After doing some very tedious fret work, the combo of maple neck and this oddball body is bright, punchy, and resonant.
The neck P90 sounds far better than I could have hoped for. I expected it to be dark and sludgy, but it isn't. It is fat, clear, articulate, and twangy. I don't have a lot of neck P90 experience, but I can now say Firebird pickups and P90S really work well for Telecasters.

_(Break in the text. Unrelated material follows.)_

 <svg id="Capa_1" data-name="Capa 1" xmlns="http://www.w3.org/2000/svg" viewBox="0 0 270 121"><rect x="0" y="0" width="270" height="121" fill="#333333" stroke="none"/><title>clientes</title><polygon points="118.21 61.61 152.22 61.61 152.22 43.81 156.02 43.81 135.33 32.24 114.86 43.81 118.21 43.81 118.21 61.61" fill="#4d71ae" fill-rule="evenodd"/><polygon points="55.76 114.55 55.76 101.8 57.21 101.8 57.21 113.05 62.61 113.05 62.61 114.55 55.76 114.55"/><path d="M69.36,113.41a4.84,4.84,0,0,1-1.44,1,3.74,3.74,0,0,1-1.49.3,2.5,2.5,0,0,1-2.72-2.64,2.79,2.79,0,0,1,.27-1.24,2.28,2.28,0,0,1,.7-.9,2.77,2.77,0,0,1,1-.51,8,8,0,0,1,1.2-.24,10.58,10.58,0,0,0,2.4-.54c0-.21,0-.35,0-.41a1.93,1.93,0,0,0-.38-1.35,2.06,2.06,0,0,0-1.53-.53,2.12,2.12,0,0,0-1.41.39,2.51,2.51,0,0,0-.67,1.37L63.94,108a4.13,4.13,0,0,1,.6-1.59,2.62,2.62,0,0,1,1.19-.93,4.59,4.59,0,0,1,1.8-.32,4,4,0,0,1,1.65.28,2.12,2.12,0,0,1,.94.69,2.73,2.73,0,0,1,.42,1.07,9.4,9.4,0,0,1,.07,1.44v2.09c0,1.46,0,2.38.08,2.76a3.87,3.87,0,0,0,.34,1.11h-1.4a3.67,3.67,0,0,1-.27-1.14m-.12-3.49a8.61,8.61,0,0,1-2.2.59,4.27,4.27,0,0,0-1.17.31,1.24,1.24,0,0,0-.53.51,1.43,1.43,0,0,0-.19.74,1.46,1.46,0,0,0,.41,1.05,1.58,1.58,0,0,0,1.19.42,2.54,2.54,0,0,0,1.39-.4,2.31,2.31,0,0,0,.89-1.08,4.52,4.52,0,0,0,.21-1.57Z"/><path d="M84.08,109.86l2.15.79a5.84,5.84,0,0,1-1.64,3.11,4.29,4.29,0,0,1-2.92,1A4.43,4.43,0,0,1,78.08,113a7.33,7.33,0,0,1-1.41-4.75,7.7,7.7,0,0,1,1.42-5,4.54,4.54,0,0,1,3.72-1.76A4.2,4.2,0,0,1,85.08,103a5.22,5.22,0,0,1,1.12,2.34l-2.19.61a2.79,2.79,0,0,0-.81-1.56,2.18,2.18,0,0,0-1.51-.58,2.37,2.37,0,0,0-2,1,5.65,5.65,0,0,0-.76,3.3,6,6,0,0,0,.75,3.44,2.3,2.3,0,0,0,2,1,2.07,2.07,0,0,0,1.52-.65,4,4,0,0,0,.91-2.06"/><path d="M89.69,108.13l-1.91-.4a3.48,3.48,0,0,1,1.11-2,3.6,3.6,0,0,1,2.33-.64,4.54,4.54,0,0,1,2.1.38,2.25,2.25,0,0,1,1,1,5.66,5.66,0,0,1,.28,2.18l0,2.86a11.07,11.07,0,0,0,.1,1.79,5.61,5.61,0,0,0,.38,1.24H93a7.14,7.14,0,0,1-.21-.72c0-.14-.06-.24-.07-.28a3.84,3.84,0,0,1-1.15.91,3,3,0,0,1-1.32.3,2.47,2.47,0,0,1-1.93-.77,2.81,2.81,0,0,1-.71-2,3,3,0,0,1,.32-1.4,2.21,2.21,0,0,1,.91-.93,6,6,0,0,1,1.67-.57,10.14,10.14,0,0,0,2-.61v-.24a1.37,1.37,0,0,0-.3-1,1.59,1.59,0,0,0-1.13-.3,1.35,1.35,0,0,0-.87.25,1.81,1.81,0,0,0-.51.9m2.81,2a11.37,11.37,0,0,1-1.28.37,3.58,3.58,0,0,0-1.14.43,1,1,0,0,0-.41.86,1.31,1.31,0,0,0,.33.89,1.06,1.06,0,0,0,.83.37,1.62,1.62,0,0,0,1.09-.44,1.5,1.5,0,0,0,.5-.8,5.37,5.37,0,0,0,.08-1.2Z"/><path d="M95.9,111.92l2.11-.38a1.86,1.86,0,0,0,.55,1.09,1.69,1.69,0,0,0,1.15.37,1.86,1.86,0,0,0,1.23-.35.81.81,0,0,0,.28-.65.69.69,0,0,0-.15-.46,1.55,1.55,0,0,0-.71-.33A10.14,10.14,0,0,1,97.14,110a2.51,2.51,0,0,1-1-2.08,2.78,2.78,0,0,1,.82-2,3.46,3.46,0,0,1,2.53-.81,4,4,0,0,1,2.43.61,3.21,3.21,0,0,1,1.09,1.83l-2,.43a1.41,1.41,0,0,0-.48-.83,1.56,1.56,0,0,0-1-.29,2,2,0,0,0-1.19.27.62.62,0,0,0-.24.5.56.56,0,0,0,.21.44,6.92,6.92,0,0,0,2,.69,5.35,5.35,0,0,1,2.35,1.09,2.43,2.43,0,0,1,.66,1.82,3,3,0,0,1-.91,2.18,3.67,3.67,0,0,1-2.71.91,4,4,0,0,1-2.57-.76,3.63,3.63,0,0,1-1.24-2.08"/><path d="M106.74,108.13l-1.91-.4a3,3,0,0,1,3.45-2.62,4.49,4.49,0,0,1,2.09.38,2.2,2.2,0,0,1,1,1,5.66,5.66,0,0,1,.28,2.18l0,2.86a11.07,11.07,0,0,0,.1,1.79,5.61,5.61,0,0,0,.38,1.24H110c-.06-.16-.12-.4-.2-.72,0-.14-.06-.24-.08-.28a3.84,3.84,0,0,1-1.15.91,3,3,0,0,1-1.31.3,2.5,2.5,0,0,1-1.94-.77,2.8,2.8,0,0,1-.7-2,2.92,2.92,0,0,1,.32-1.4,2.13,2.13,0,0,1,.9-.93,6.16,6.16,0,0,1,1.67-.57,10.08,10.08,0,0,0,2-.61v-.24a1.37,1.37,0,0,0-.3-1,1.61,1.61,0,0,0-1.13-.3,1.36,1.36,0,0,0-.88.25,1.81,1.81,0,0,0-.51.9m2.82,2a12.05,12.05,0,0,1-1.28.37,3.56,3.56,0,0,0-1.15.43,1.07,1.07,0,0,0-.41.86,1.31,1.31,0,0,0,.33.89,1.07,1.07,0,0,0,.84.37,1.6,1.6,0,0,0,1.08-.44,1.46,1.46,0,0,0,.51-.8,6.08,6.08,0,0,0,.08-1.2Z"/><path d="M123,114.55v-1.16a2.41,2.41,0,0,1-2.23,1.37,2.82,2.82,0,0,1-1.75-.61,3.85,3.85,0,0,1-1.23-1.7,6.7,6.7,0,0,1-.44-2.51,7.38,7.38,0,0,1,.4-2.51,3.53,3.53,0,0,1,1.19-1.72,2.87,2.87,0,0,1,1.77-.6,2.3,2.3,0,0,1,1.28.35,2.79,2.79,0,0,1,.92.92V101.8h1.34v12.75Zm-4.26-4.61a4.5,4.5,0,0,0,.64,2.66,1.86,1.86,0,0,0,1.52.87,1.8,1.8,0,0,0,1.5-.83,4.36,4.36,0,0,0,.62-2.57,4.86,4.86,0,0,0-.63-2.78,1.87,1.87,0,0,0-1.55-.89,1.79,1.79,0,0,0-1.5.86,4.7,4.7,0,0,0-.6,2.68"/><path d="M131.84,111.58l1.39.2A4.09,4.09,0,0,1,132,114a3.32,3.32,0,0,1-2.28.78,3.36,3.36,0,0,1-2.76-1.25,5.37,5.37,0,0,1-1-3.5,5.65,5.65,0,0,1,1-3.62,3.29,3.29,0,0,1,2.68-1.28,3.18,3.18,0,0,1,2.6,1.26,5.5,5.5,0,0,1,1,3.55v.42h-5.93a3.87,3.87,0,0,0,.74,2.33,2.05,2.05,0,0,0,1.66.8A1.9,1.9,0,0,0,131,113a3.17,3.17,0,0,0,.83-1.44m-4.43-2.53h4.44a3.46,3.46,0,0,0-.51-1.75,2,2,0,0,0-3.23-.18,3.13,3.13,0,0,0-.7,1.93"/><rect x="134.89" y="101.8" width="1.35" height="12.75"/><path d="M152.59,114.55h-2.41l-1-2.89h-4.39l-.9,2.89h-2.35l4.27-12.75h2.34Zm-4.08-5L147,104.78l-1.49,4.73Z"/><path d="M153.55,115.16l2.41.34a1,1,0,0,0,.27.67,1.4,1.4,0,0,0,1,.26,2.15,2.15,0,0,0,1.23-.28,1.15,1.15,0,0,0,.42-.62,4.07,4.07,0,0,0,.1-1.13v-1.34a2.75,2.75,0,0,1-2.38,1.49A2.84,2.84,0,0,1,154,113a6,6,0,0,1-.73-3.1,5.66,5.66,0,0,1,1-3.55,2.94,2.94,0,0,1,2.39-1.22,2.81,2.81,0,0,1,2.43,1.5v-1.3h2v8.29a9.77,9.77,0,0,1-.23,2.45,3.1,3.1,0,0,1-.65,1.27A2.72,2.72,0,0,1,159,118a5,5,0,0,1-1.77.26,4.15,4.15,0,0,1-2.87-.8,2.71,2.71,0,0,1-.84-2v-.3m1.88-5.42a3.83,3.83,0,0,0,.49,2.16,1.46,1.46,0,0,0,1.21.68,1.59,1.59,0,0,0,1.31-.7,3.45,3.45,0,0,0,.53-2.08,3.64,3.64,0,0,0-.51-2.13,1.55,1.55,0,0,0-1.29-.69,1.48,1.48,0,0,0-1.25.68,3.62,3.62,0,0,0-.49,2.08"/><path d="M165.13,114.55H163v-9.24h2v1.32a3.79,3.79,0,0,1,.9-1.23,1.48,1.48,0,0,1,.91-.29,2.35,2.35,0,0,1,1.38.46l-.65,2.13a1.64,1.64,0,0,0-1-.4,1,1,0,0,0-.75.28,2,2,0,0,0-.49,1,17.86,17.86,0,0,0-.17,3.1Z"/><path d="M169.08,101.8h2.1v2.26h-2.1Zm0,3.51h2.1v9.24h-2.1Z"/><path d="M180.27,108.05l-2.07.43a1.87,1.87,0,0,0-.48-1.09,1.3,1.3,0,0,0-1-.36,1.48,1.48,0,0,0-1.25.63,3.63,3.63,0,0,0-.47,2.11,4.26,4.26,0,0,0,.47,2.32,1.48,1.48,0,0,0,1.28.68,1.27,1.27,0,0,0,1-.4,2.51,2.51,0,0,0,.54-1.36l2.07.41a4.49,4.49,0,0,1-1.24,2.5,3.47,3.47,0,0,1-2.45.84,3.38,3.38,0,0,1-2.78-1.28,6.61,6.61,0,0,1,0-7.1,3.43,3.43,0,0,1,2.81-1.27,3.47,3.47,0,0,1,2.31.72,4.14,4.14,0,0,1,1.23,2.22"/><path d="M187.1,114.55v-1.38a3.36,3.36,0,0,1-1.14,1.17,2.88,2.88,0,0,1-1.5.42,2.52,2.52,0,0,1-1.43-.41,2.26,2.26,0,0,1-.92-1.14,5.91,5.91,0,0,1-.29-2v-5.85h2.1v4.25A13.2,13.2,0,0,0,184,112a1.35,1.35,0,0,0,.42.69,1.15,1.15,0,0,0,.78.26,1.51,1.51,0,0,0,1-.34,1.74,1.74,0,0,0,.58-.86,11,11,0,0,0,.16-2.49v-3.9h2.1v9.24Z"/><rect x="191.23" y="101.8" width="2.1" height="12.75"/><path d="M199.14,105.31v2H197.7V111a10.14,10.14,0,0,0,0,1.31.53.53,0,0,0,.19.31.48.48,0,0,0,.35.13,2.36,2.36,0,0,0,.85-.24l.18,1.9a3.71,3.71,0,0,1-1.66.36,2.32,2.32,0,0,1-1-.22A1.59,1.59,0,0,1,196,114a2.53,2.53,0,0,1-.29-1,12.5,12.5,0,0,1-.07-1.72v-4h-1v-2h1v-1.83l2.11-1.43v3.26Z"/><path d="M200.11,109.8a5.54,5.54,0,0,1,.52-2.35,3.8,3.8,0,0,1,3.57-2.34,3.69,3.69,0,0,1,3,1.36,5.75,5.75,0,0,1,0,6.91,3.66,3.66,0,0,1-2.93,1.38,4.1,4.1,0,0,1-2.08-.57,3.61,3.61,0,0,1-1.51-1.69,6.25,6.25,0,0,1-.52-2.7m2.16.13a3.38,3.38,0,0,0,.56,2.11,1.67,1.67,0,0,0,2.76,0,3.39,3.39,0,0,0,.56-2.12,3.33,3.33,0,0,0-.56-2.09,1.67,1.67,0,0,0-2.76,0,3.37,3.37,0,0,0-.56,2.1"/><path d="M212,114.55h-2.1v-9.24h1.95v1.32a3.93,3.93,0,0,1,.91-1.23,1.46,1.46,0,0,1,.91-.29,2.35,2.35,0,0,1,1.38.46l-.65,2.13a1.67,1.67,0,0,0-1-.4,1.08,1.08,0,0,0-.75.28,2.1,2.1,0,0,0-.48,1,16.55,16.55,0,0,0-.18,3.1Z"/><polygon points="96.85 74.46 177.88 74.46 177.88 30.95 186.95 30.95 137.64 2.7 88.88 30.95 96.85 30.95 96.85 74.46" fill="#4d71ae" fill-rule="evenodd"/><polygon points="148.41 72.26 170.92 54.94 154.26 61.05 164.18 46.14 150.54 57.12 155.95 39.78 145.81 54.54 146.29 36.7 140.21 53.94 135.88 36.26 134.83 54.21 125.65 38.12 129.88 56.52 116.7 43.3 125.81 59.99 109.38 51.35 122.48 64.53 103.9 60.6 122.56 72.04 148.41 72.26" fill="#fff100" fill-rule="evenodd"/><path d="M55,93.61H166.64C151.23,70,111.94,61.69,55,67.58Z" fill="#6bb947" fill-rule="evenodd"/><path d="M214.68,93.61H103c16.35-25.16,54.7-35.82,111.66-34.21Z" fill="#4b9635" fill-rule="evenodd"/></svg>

I didn't expect much from the bridge pickup, but once again, it sounds far better than I could have hoped for. It went from a Chihuahua with PMS to a Clydesdale. I had heard people say that A8 wouldn't work for a single coil bridge pickup, but that's BS! The bass is fat and punchy, the midrange is thick, and the treble is round and clear. It's still a Telecaster bridge pickup, but it's not bright, thin, or weak-sounding. I expected a volume mismatch between the 9K neck and 6.6K bridge, but the bridge pickup sounds slightly louder, and both balance well.
The Controls:
I wanted to use a 4-way switch and two volumes for this project, with a 500K for the neck and 250K for the bridge, but I had severe ground noise. So, I went with a 3-way switch and a single 500K volume instead. I experimented with a G&L style PTB circuit, but there was too much interaction between the bass and treble controls for positions 1&3. The bass control worked for the bridge, but made the neck too dark. The treble control worked with the neck, but it made the bridge too bright. So, I decided to modify the PTB so the bass control only works on the bridge while the treble control only works on the neck. That way, I can set positions 1&3 independently with no need to adjust pots when changing switch positions.